Pantau - Anggota Komisi IV DPR RI Rahmat Saleh menyampaikan keprihatinan mendalam atas dampak bencana alam yang melanda sejumlah wilayah di Sumatera Barat dan menekankan pentingnya menjadikan pemulihan infrastruktur serta sektor pertanian sebagai prioritas nasional.
Infrastruktur Rusak dan Sawah Tertimbun Lumpur
Rahmat Saleh menegaskan bahwa kerusakan infrastruktur akibat bencana meliputi ratusan jembatan dan jalan yang rusak sehingga menghambat aktivitas masyarakat.

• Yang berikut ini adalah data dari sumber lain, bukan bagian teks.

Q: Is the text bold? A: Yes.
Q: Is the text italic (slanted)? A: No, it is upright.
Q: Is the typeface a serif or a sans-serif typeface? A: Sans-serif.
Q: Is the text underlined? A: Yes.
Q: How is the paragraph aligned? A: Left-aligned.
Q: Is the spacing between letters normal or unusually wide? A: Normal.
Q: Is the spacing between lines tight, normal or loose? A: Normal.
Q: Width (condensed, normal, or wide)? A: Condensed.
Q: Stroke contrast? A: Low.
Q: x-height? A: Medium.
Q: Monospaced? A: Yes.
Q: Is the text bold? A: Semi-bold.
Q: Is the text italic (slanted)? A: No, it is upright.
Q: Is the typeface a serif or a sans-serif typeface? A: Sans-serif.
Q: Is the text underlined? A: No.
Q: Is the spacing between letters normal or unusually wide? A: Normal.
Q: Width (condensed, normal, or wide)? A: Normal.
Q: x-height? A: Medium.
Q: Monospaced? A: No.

"Bapak Presiden yang kami hormati, ratusan infrastruktur jembatan dan jalan rusak akibat bencana ini. Selain itu, sektor pertanian, khususnya jaringan irigasi, tertimbun longsor. Hamparan ratusan ribu hektare sawah juga kini terkendala karena tertutup lumpur," ungkap Rahmat Saleh.

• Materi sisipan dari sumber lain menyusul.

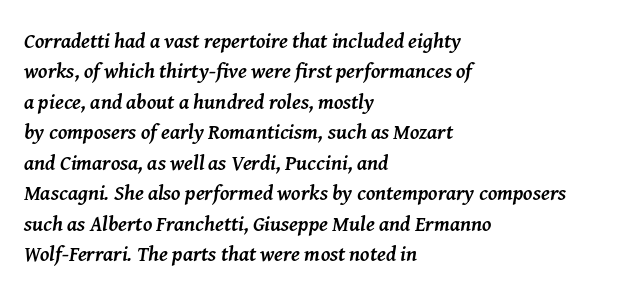
{"italic": "yes", "lean": "right", "slant_degrees": 8, "bold": "yes", "underline": "no", "align": "left", "line_spacing": "normal", "line_spacing_ratio": 1.45, "letter_spacing": "normal", "letter_spacing_em": 0.0, "glyph_px": 21}

Ia menilai kondisi sawah yang tertutup lumpur menjadi persoalan serius karena berdampak langsung pada keberlangsungan hidup para petani.
"Hati saya terenyuh melihat hamparan sawah yang kini tertutup lumpur. Bagi saudara-saudara kita, sawah bukan sekadar lahan, tapi tumpuan hidup keluarga," ia mengungkapkan.
Dorong Bantuan Petani dan Pemulihan Ekonomi
Rahmat Saleh menyoroti bahwa kerugian akibat bencana tidak hanya bersifat fisik, tetapi juga berdampak besar terhadap sektor ekonomi masyarakat, khususnya petani.
Ia mendorong pemerintah memikirkan skema bantuan konkret bagi petani terdampak, baik melalui subsidi maupun penyediaan pekerjaan alternatif selama masa pemulihan.
"Kita dorong program subsidi dan solusi pekerjaan alternatif selama masa pemulihan ini. Selain pembangunan infrastruktur, prioritas kita adalah bagaimana para petani bisa kembali berdaya," ungkap Rahmat Saleh.
Ia menyampaikan bahwa pemerintah pusat melalui Kementerian Keuangan telah menyiapkan anggaran sebesar Rp60 triliun untuk penanganan bencana.
"Mudah-mudahan, insya Allah, anggaran ini menyasar program-program yang menjadi perhatian kita bersama. Dengan sinergi pemerintah pusat dan daerah, Sumatera Barat akan segera pulih. Mohon doa dan dukungannya," ia mengungkapkan.